Trump pardoned former congressmen Duncan D. Hunter (R-Calif.), who pleaded guilty to misuse of campaign funds, and Chris Collins (R-N.Y.), who was in prison after being convicted of securities fraud. The president commuted the sentence of former congressman Steve Stockman (R-Tex.), who was convicted of misusing charitable contributions. Hunter and Collins were early and avid supporters of Trump’s campaign.
“Other presidents have occasionally issued abusive, self-serving pardons based on insider connections,” Harvard Law School professor Jack Goldsmith, who has tracked Trump’s pardons and commutations, said via email. “Almost all of Trump’s pardons fit that pattern. What other presidents did exceptionally, Trump does as a matter of course.”
In July, Trump commuted the sentence of his longtime friend Roger Stone, who was convicted of trying to impede the congressional investigation into Russia’s interference in the 2016 election. In November, he pardoned former national security adviser Michael Flynn, who pleaded guilty to lying about his discussions with a Russian diplomat. On Tuesday, he pardoned George Papadopoulos, who pleaded guilty to lying to the FBI about the Russia probe.
Larry Kupers, the former acting head of the Justice Department Office of the Pardon Attorney, who served in the Trump administration until he left in mid-2019, said in an interview that the president has been abusive in failing to go through the normal channels to review requests for clemency.
Normally, such requests go through his former office and recommendations are eventually sent to the White House. Most of Trump’s actions have been made on requests that did not go through the office.
“It is abusive in the sense that very few of his grants, commutations or pardons really went to any legitimate purpose,” Kupers said. “The purpose of the pardon power set out by Alexander Hamilton — that is mercy and reconciliation and I would add to that forgiveness. I can’t think about any of his grants that come under those categories. They are all grants to cronies or are partisan in the sense that he wants to excite and please his base.”
Trump is hardly the only president to grant much-criticized pardons to political allies.
President Gerald Ford pardoned former president Richard Nixon, whose resignation made Ford’s ascendancy possible. President George H.W. Bush pardoned former defense secretary Caspar Weinberger and others related to the Iran-contra affair. Clinton pardoned financier Marc Rich, who had fled the United States after being indicted on a charge of tax fraud. It was Rich’s pardon that Trump cited on the campaign trail, saying, “No one should be above the law.”
But analysts said there is no precedent for Trump’s focus on granting so many pardons and commutations to those with whom he has ties. Increasingly isolated in the White House as he continues to promote baseless claims about election fraud, he has used one of the greatest powers left at his disposal to help allies avoid or get out of jail.

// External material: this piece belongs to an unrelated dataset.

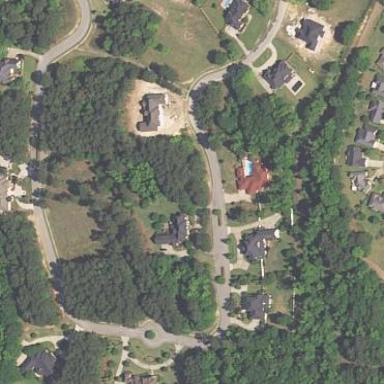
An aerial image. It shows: Gated residential area within subdivision.

Of the 65 people to whom Trump had granted clemency as of Tuesday, 60 had a personal or political connection to him, according to a compilation by Goldsmith, the Harvard professor, and Matthew Gluck on the Lawfare blog. Sixteen came due to Trump’s admiration for a celebrity, 12 were brought to Trump’s attention by a television show, and 42 advanced his political agenda, the analysis found.
On Wednesday, Trump granted clemency to another 29 people, including his son-in-law Jared Kushner’s father, Charles Kushner, and former campaign chairman Paul Manafort and upgraded Stone’s commutation to a full pardon.
The White House did not respond to a request for comment about how the president’s actions squared with his criticism of pardons as a candidate.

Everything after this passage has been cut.